> [Work to be completed]: Please repeat the line that has "ప్రభుత్వ విద్యార్థుల శాతం" and all lines after it, exactly as they appear, through the end of the entries.

### Supplied data ###

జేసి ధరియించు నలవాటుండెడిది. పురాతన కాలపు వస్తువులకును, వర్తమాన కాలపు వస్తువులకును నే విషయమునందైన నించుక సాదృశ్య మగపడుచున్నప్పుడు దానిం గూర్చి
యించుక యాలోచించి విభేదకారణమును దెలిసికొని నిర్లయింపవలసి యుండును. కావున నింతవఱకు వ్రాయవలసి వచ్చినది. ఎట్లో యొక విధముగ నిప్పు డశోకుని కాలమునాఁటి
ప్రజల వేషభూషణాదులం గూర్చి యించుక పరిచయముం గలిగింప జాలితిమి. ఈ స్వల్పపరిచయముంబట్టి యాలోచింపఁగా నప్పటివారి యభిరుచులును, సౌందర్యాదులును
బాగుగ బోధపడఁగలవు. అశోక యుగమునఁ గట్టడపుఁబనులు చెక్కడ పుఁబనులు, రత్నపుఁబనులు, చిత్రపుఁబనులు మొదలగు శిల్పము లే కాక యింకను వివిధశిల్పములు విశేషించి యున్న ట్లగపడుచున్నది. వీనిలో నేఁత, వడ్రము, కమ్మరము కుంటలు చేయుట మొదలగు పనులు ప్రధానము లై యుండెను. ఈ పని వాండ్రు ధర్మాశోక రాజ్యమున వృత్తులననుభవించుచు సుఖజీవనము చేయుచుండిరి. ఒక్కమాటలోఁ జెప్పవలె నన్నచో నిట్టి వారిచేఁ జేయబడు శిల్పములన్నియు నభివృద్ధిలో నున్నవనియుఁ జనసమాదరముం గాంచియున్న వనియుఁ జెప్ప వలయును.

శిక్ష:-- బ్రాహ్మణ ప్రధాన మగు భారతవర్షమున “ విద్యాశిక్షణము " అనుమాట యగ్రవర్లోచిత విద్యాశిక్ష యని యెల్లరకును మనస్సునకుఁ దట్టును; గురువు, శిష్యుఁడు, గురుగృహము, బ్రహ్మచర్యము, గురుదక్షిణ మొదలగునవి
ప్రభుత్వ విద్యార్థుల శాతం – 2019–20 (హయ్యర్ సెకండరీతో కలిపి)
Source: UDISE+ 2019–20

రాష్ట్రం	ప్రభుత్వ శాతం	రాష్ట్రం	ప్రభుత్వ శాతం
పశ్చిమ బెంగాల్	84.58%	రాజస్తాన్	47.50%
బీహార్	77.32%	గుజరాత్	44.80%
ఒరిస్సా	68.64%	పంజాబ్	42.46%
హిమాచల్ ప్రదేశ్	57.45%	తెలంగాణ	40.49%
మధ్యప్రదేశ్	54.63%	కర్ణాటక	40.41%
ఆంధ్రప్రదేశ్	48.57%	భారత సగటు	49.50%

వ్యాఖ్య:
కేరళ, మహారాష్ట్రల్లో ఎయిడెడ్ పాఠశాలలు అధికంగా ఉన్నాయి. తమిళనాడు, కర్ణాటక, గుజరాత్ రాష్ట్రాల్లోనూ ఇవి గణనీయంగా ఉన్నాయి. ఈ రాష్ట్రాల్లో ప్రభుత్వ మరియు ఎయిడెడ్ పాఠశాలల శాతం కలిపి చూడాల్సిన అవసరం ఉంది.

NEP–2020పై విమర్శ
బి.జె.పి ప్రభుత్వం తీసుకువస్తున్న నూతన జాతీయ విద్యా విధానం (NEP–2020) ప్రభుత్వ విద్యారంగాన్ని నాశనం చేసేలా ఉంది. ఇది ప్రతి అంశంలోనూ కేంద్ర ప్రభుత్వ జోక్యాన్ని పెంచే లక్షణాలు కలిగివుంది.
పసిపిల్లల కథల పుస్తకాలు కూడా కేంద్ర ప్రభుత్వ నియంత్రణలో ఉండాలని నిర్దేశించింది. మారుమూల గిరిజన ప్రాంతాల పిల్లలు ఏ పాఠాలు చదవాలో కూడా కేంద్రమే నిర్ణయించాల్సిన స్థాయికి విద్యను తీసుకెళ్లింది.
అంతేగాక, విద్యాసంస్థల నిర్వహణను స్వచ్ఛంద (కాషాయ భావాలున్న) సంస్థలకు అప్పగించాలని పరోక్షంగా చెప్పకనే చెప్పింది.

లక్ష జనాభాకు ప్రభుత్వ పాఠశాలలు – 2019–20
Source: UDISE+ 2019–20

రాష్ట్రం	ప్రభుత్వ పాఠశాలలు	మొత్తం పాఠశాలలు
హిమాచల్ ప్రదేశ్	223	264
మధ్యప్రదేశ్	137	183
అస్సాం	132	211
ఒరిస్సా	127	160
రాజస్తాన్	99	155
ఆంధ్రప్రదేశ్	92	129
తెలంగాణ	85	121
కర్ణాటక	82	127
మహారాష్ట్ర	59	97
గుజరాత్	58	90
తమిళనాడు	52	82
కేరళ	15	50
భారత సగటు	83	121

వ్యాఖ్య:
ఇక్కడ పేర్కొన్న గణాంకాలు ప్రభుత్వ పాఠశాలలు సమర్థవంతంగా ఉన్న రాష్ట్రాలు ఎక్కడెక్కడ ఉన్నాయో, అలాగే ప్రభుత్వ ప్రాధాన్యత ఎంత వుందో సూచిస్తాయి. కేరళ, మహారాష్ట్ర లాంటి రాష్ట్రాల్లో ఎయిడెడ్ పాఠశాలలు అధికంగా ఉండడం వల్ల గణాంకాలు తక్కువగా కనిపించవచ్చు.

###

> [Result of the task]:
ప్రభుత్వ విద్యార్థుల శాతం – 2019–20 (హయ్యర్ సెకండరీతో కలిపి)
Source: UDISE+ 2019–20

రాష్ట్రం	ప్రభుత్వ శాతం	రాష్ట్రం	ప్రభుత్వ శాతం
పశ్చిమ బెంగాల్	84.58%	రాజస్తాన్	47.50%
బీహార్	77.32%	గుజరాత్	44.80%
ఒరిస్సా	68.64%	పంజాబ్	42.46%
హిమాచల్ ప్రదేశ్	57.45%	తెలంగాణ	40.49%
మధ్యప్రదేశ్	54.63%	కర్ణాటక	40.41%
ఆంధ్రప్రదేశ్	48.57%	భారత సగటు	49.50%

వ్యాఖ్య:
కేరళ, మహారాష్ట్రల్లో ఎయిడెడ్ పాఠశాలలు అధికంగా ఉన్నాయి. తమిళనాడు, కర్ణాటక, గుజరాత్ రాష్ట్రాల్లోనూ ఇవి గణనీయంగా ఉన్నాయి. ఈ రాష్ట్రాల్లో ప్రభుత్వ మరియు ఎయిడెడ్ పాఠశాలల శాతం కలిపి చూడాల్సిన అవసరం ఉంది.

NEP–2020పై విమర్శ
బి.జె.పి ప్రభుత్వం తీసుకువస్తున్న నూతన జాతీయ విద్యా విధానం (NEP–2020) ప్రభుత్వ విద్యారంగాన్ని నాశనం చేసేలా ఉంది. ఇది ప్రతి అంశంలోనూ కేంద్ర ప్రభుత్వ జోక్యాన్ని పెంచే లక్షణాలు కలిగివుంది.
పసిపిల్లల కథల పుస్తకాలు కూడా కేంద్ర ప్రభుత్వ నియంత్రణలో ఉండాలని నిర్దేశించింది. మారుమూల గిరిజన ప్రాంతాల పిల్లలు ఏ పాఠాలు చదవాలో కూడా కేంద్రమే నిర్ణయించాల్సిన స్థాయికి విద్యను తీసుకెళ్లింది.
అంతేగాక, విద్యాసంస్థల నిర్వహణను స్వచ్ఛంద (కాషాయ భావాలున్న) సంస్థలకు అప్పగించాలని పరోక్షంగా చెప్పకనే చెప్పింది.

లక్ష జనాభాకు ప్రభుత్వ పాఠశాలలు – 2019–20
Source: UDISE+ 2019–20

రాష్ట్రం	ప్రభుత్వ పాఠశాలలు	మొత్తం పాఠశాలలు
హిమాచల్ ప్రదేశ్	223	264
మధ్యప్రదేశ్	137	183
అస్సాం	132	211
ఒరిస్సా	127	160
రాజస్తాన్	99	155
ఆంధ్రప్రదేశ్	92	129
తెలంగాణ	85	121
కర్ణాటక	82	127
మహారాష్ట్ర	59	97
గుజరాత్	58	90
తమిళనాడు	52	82
కేరళ	15	50
భారత సగటు	83	121

వ్యాఖ్య:
ఇక్కడ పేర్కొన్న గణాంకాలు ప్రభుత్వ పాఠశాలలు సమర్థవంతంగా ఉన్న రాష్ట్రాలు ఎక్కడెక్కడ ఉన్నాయో, అలాగే ప్రభుత్వ ప్రాధాన్యత ఎంత వుందో సూచిస్తాయి. కేరళ, మహారాష్ట్ర లాంటి రాష్ట్రాల్లో ఎయిడెడ్ పాఠశాలలు అధికంగా ఉండడం వల్ల గణాంకాలు తక్కువగా కనిపించవచ్చు.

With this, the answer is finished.